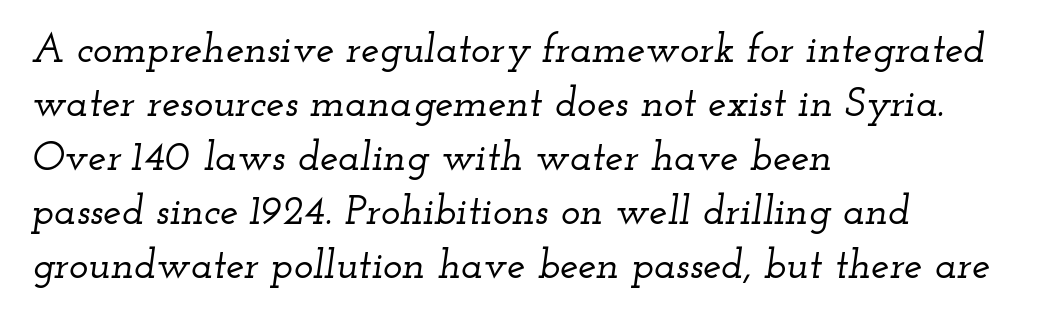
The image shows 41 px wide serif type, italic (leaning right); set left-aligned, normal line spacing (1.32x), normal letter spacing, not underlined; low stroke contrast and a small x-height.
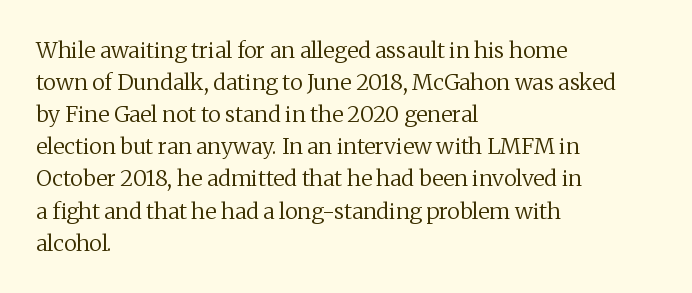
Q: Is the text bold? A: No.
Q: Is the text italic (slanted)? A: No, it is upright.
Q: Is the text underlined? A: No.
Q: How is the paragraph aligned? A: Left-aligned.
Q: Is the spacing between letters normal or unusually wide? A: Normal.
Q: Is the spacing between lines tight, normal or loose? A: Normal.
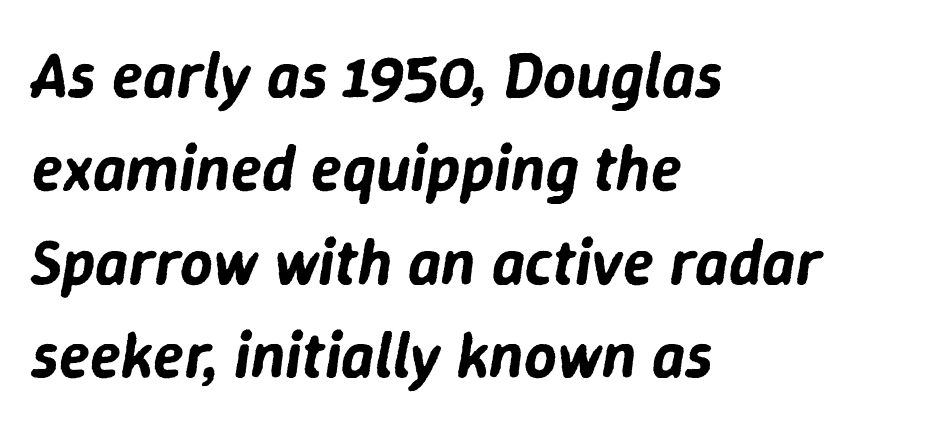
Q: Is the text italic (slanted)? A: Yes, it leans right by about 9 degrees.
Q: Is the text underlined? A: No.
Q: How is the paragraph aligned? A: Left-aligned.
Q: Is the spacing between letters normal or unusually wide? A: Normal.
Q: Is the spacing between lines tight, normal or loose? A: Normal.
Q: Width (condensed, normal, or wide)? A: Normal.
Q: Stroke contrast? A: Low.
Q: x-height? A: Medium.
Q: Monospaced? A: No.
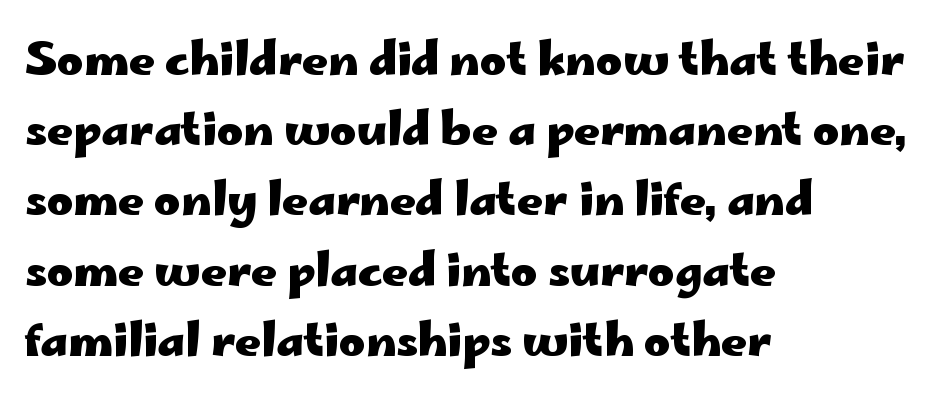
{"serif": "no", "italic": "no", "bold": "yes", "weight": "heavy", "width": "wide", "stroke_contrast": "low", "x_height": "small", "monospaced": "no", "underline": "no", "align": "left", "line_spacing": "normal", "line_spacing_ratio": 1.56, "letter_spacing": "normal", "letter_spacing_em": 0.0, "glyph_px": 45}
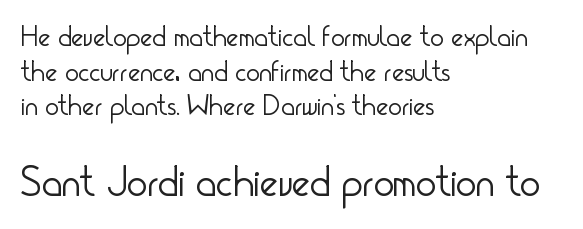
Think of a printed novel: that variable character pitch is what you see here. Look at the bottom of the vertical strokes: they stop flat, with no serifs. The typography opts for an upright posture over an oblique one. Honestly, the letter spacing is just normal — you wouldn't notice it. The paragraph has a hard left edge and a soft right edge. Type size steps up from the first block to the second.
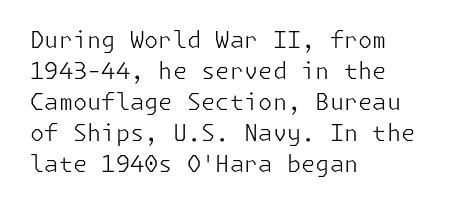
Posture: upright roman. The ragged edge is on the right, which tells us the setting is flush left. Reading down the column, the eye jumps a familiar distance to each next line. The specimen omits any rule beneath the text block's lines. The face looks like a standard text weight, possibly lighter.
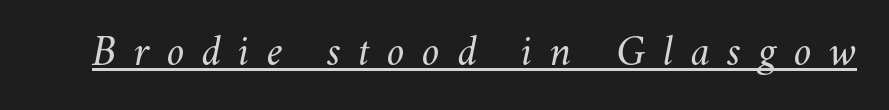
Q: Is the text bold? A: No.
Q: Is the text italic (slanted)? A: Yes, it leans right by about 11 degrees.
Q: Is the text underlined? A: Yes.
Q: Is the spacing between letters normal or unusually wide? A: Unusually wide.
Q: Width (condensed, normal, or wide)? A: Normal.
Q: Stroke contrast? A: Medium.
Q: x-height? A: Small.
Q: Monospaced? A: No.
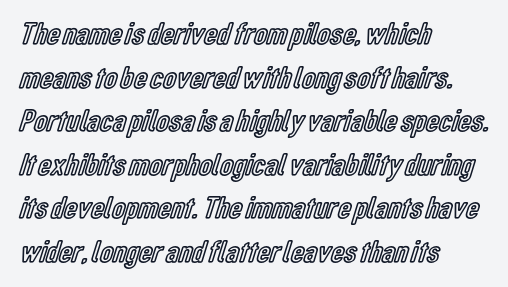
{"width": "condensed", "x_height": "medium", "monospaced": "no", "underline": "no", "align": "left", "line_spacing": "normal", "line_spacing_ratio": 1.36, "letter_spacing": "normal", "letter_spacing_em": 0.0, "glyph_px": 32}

◆ Goal of the exercise
In the listing, find every line containing the word "about" and list it.

◆ Response box
Q: Is the text italic (slanted)? A: Yes, it leans right by about 9 degrees.
Q: Is the text italic (slanted)? A: Yes, it leans right by about 11 degrees.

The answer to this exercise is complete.